* _TASK OBJECTIVE_: All lines below must be repeated exactly, with the pictures omitted.
[[ EXTRACTED INFORMATION open ]]
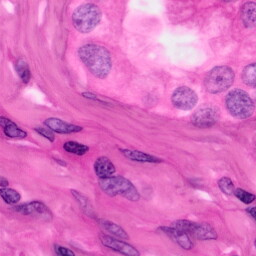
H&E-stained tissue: Pancreatic
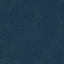
Land use / land cover class: Forest
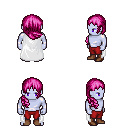
a pixel art fantasy rpg character, male body template, dark elf, purple skin, white cape, red pants, pink right-swept hairstyle, brown shoes, four views (front, back, left, right), 2x2 character sprite sheet, small pixel art, hard edges, no anti-aliasing
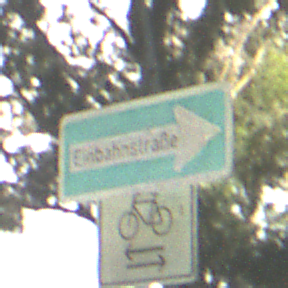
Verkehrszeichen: EinbahnstrasseRechtsweisend
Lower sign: RichtungsangabeDurchPfeile9
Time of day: MorningAfternoon
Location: Outdoor (Nature)
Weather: Clear
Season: NotSpecified
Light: Natural
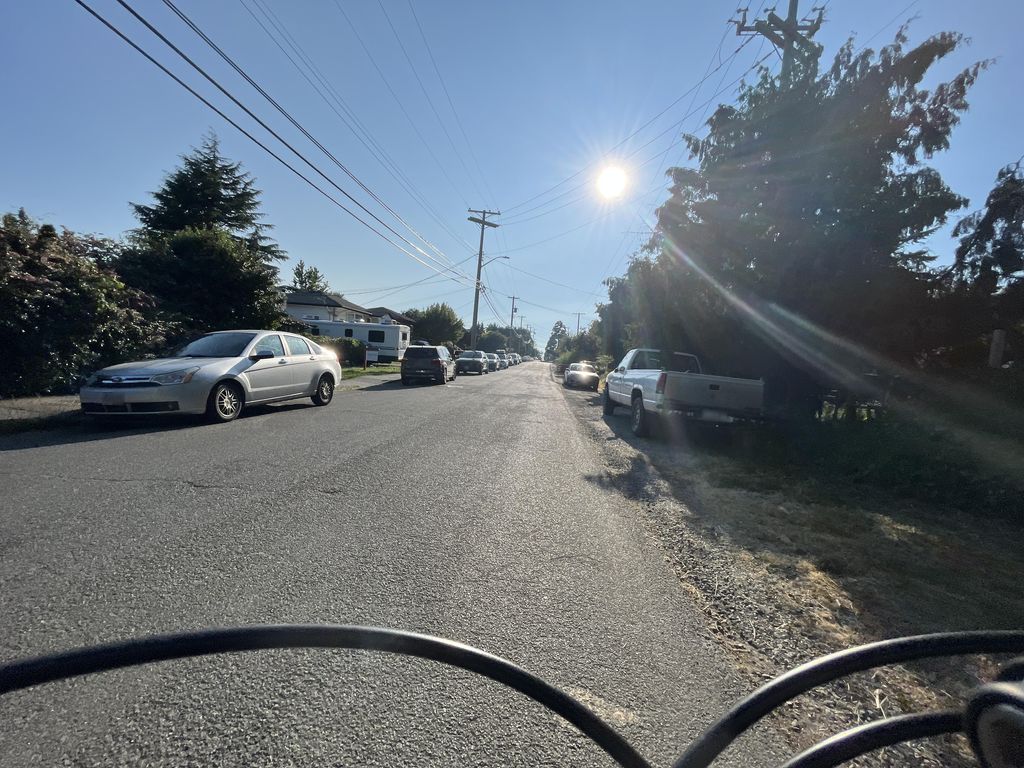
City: victoria
[[ EXTRACTED INFORMATION closed ]]
* _FINAL ANSWER_:
H&E-stained tissue: Pancreatic
Land use / land cover class: Forest
a pixel art fantasy rpg character, male body template, dark elf, purple skin, white cape, red pants, pink right-swept hairstyle, brown shoes, four views (front, back, left, right), 2x2 character sprite sheet, small pixel art, hard edges, no anti-aliasing
Verkehrszeichen: EinbahnstrasseRechtsweisend
Lower sign: RichtungsangabeDurchPfeile9
Time of day: MorningAfternoon
Location: Outdoor (Nature)
Weather: Clear
Season: NotSpecified
Light: Natural
City: victoria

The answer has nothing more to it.